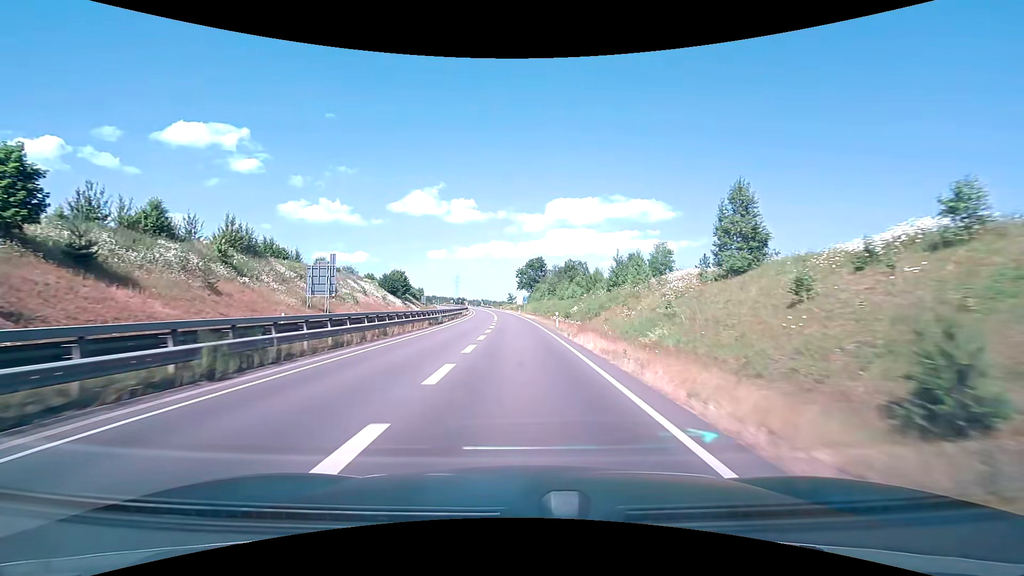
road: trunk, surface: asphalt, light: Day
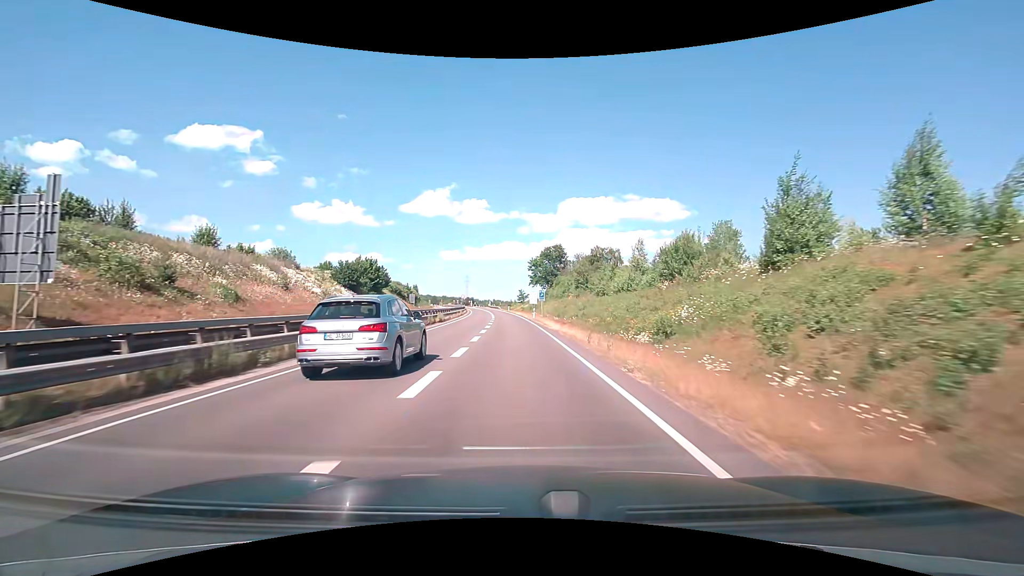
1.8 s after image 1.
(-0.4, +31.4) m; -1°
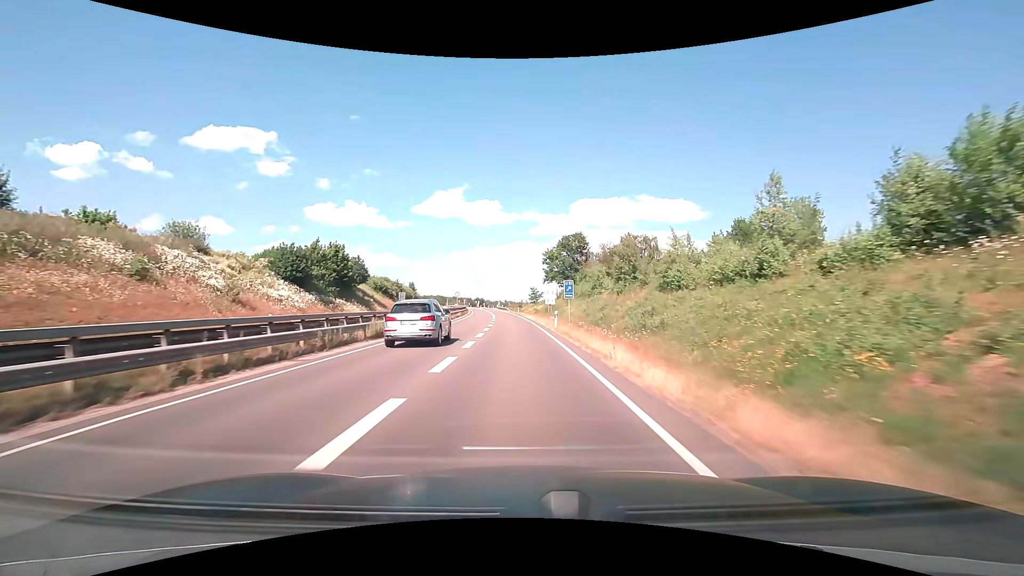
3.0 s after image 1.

...

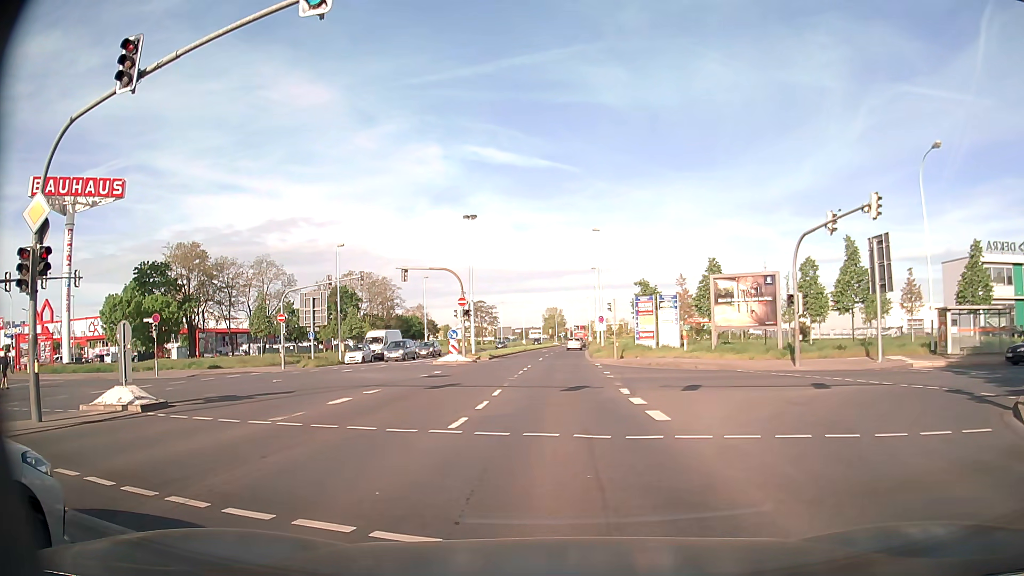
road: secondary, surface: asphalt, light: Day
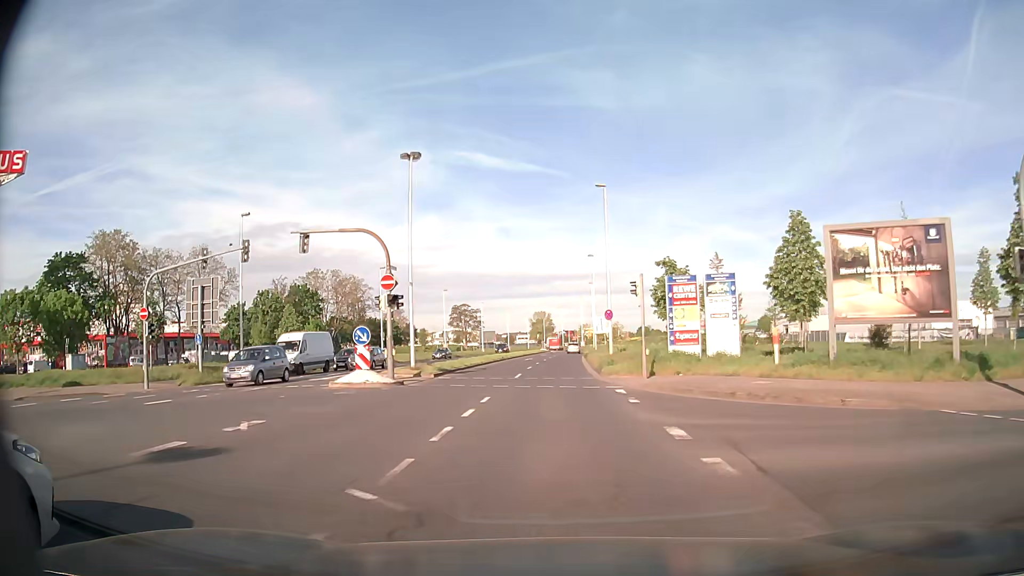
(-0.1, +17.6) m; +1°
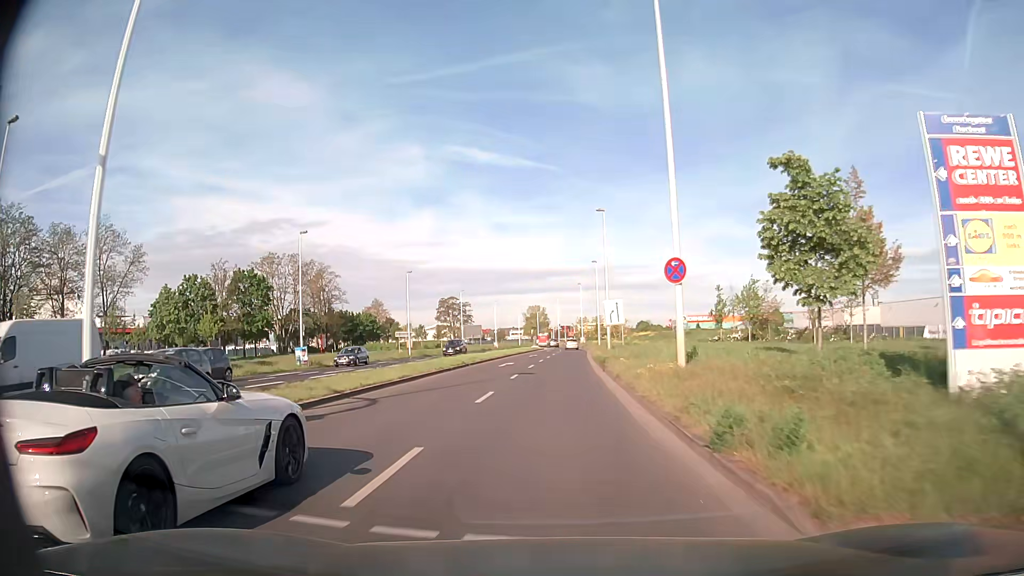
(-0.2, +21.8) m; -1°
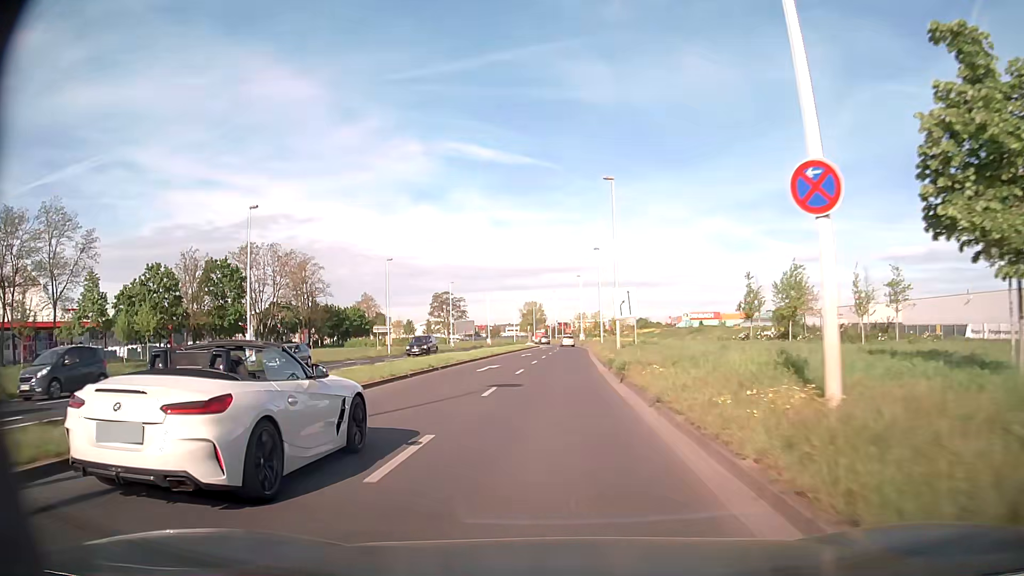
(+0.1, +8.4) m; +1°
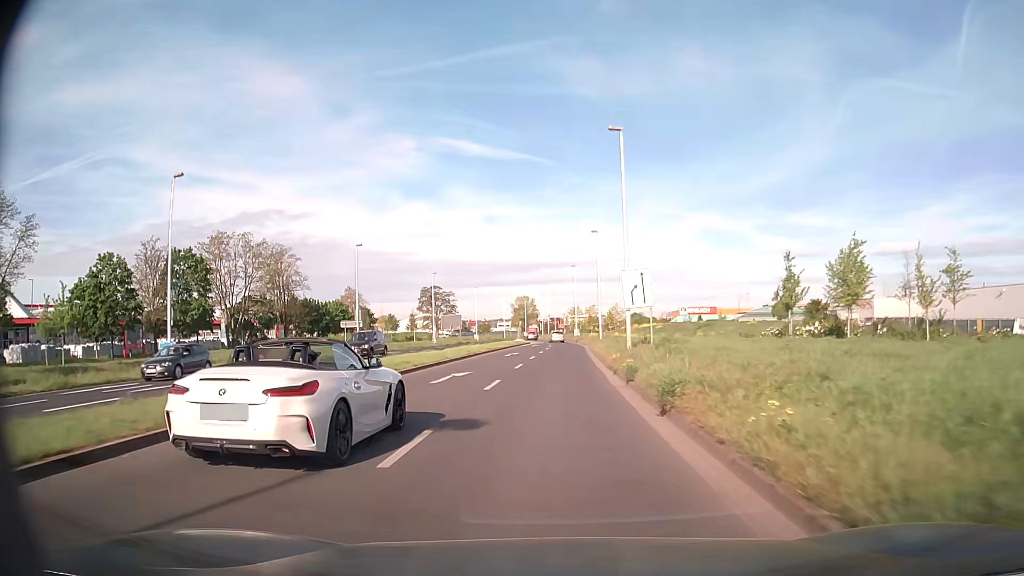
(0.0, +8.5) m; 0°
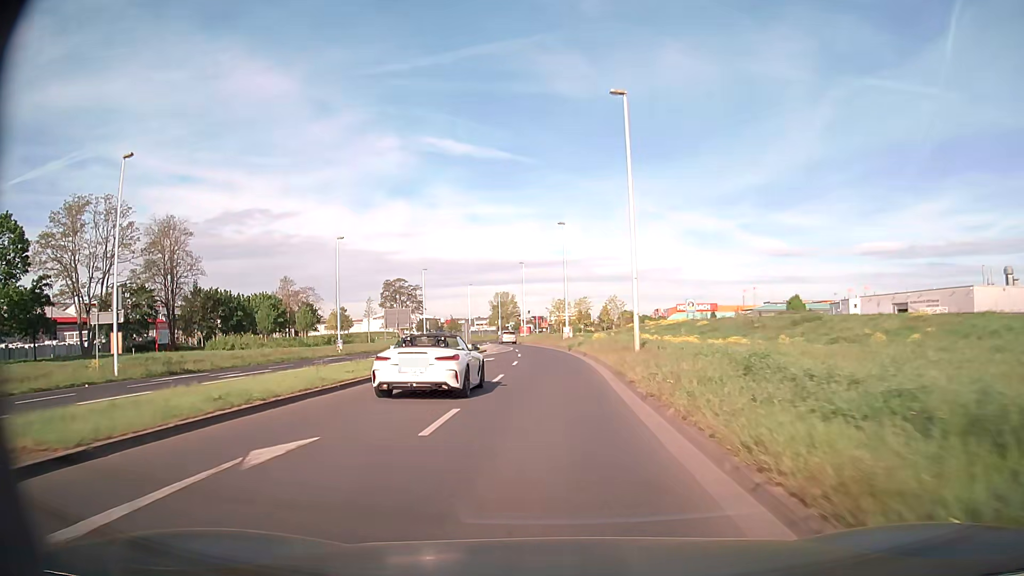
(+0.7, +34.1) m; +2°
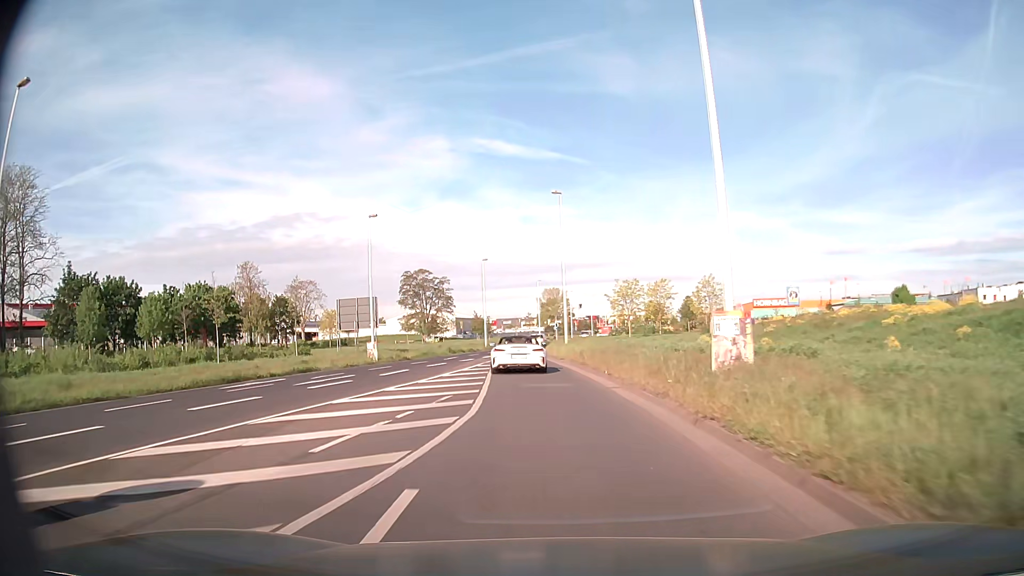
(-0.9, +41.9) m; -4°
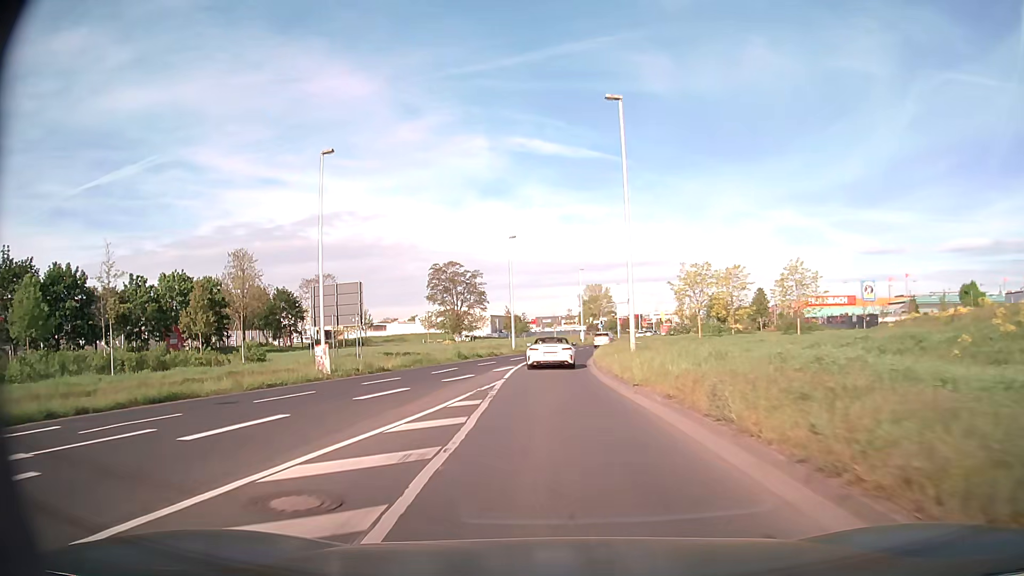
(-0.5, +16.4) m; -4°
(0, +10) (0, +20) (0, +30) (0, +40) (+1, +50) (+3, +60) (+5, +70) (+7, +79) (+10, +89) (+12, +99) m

→ Try it: Repeat, word for word, the lines of the material above from the one holding "road: trunk, surface: asphalt, light: Day" through the one holding "3.0 s after image 1.". Leave out pictures.

→ Your response:
road: trunk, surface: asphalt, light: Day
1.8 s after image 1.
(-0.4, +31.4) m; -1°
3.0 s after image 1.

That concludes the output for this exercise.